Vers le début des années quatre-vingt, notre société a reçu un signal terrible. Si l’on continue dans cette voie, l’humanité dans son ensemble est en danger réel d’extinction, que si l’on ne réagit pas rapidement au niveau de l’environnement et de notre consommation excessive, nous risquons nous-mêmes de causer notre perte. Depuis, la prostitution intellectuelle s’est chargée d’amoindrir cette réalité, mais le fait demeure. S’est ensuivie une sensibilisation à grande échelle, sur la nécessiter de protéger notre planète et de réduire notre façon de consommer. On a depuis, instauré un volet recyclage à nos habitudes de vie qui existait déjà depuis un certain temps dans d’autres pays. On a pris conscience que l’eau de consommation, n’est pas une ressource inépuisable et quelle doit être préservée. L’équilibre de notre planète ne tient qu’à un fil, il faut amoindrir les traces laissées par l’homme sur elle.
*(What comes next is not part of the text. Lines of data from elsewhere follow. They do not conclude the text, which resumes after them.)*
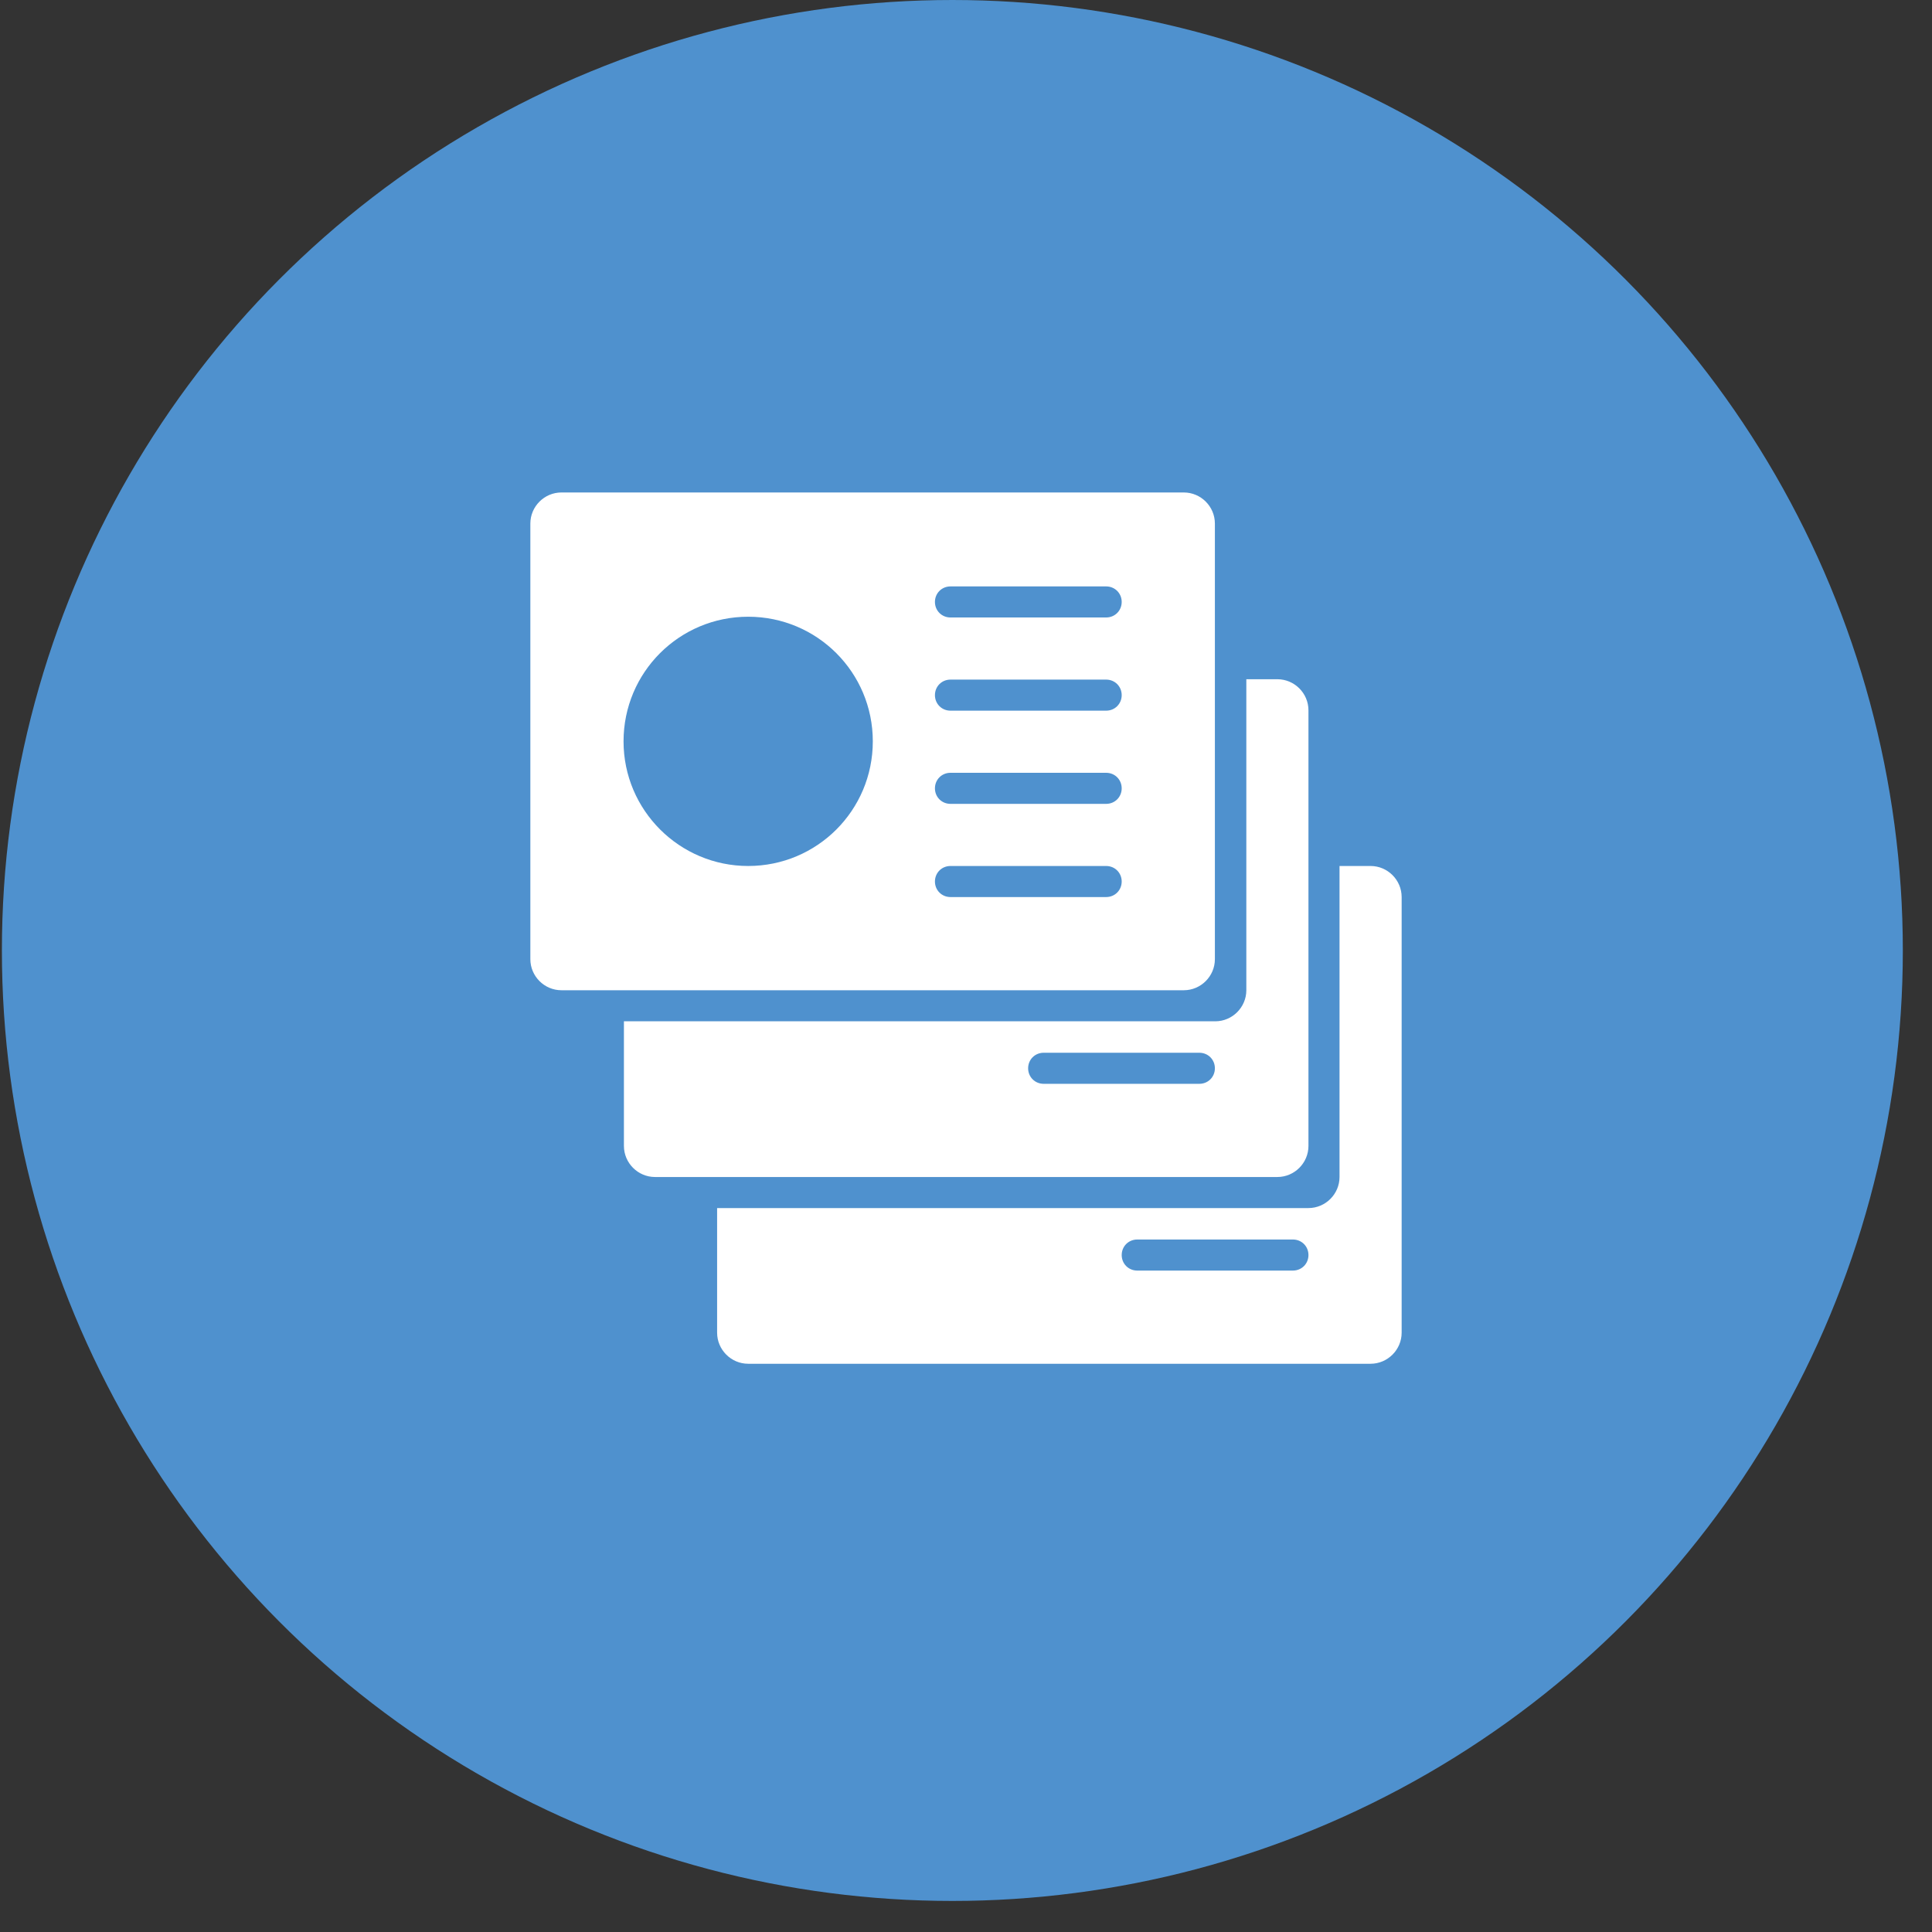 <?xml version="1.0" encoding="UTF-8"?>
<svg id="a" data-name="Capa 1" xmlns="http://www.w3.org/2000/svg" viewBox="0 0 51 51">
  <rect x="0" y="0" width="51" height="51" fill="#333333" stroke="none"/>
  <defs>
    <style>
      .b {
        fill: #fff;
      }

      .c {
        fill: #4f91ce;
      }
    </style>
  </defs>
  <circle class="c" cx="25.14" cy="25.09" r="25.09"/>
  <path class="b" d="M32.07,25.32V13.82c0-.45-.37-.82-.82-.82H14.82c-.45,0-.82,.37-.82,.82v11.5c0,.45,.37,.82,.82,.82H31.25c.45,0,.82-.37,.82-.82Zm-12.32-2.46c-1.81,0-3.29-1.47-3.29-3.29s1.47-3.29,3.29-3.29,3.29,1.47,3.29,3.29-1.47,3.29-3.29,3.29Zm9.45,.82h-4.11c-.23,0-.41-.18-.41-.41s.18-.41,.41-.41h4.11c.23,0,.41,.18,.41,.41s-.18,.41-.41,.41Zm0-2.46h-4.11c-.23,0-.41-.18-.41-.41s.18-.41,.41-.41h4.11c.23,0,.41,.18,.41,.41s-.18,.41-.41,.41Zm0-2.46h-4.11c-.23,0-.41-.18-.41-.41s.18-.41,.41-.41h4.11c.23,0,.41,.18,.41,.41s-.18,.41-.41,.41Zm0-2.46h-4.11c-.23,0-.41-.18-.41-.41s.18-.41,.41-.41h4.11c.23,0,.41,.18,.41,.41s-.18,.41-.41,.41Z"/>
  <path class="b" d="M34.54,30.25v-11.5c0-.45-.37-.82-.82-.82h-.82v8.21c0,.45-.37,.82-.82,.82h-15.61v3.29c0,.45,.37,.82,.82,.82h16.43c.45,0,.82-.37,.82-.82Zm-2.88-1.64h-4.11c-.23,0-.41-.18-.41-.41s.18-.41,.41-.41h4.11c.23,0,.41,.18,.41,.41s-.18,.41-.41,.41Z"/>
  <path class="b" d="M36.18,22.86h-.82v8.21c0,.45-.37,.82-.82,.82h-15.61v3.29c0,.45,.37,.82,.82,.82h16.43c.45,0,.82-.37,.82-.82v-11.5c0-.45-.37-.82-.82-.82Zm-2.05,10.68h-4.11c-.23,0-.41-.18-.41-.41s.18-.41,.41-.41h4.11c.23,0,.41,.18,.41,.41s-.18,.41-.41,.41Z"/>
</svg>

Le mythe de la surpopulation, etc. Et petit à petit cette crainte collective engendre des signes encourageants, et ce quoiqu’il reste encore beaucoup trop d’arroseurs de gazon. Néanmoins, ils ont presque tous un bac de recyclage rempli. Il est très difficile de changer le comportement de 7 millions de Québécois, et encore plus difficile pour un millier de décideurs. Mais voici une partie des valeurs sociétaires, que nous avons transmise aux générations subséquentes, depuis ce choc collectif.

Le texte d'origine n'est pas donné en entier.